— Input data —
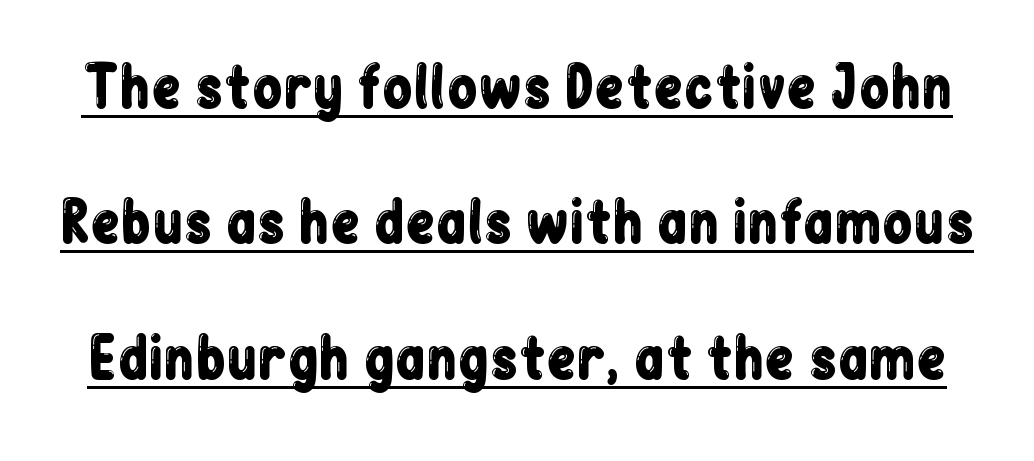
Glyph-to-glyph distance matches everyday printed text. This sample trades compactness for vertical openness between lines. This rendering features underlined lettering. These lines were composed using upright roman letters. Looks like regular typesetting: each glyph gets only the width it needs. Regarding serifs, this sample does without them.
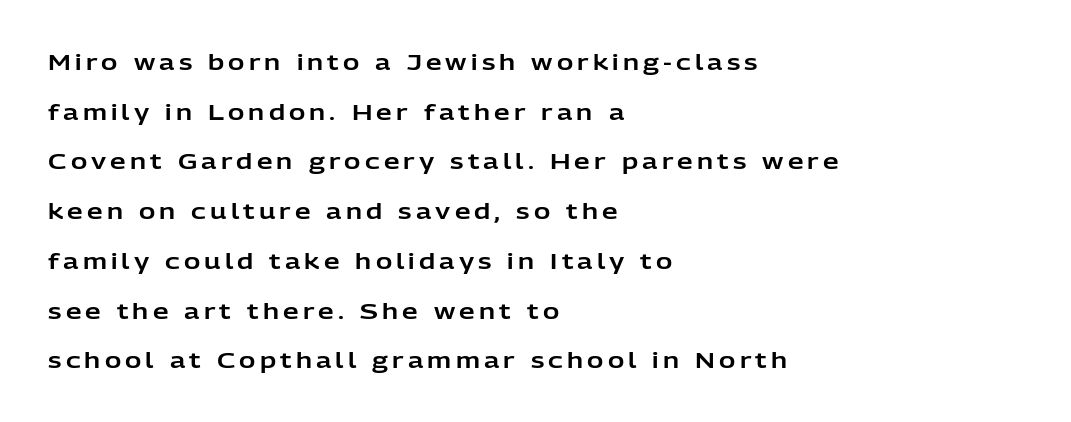
{"italic": "no", "underline": "no", "align": "left", "line_spacing": "loose", "line_spacing_ratio": 2.26, "glyph_px": 22}
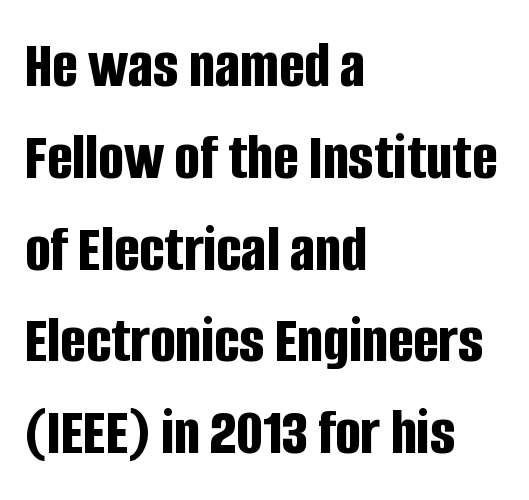
The designer left line spacing at the default. No word sits above an underline. Notice how the stems are strictly vertical — no italics here. Classification — sans serif.
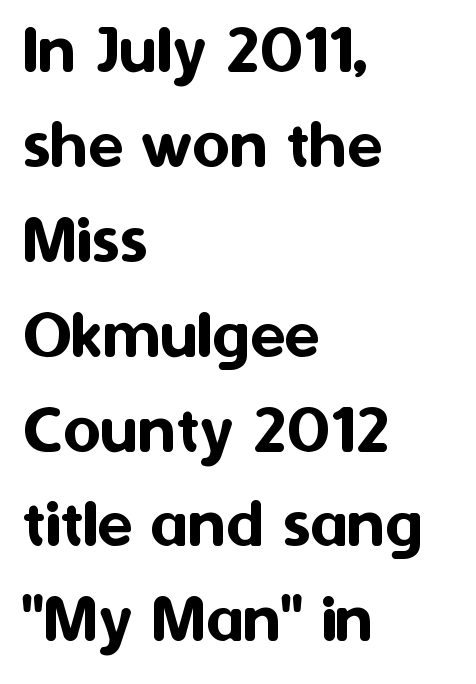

— Task statement —
All text in the material above must be written out exactly; the images are to be skipped.

— Answer space —
Glyph-to-glyph distance matches everyday printed text. This sample trades compactness for vertical openness between lines. This rendering features underlined lettering. These lines were composed using upright roman letters. Looks like regular typesetting: each glyph gets only the width it needs. Regarding serifs, this sample does without them.
{"italic": "no", "underline": "no", "align": "left", "line_spacing": "loose", "line_spacing_ratio": 2.26, "glyph_px": 22}
The designer left line spacing at the default. No word sits above an underline. Notice how the stems are strictly vertical — no italics here. Classification — sans serif.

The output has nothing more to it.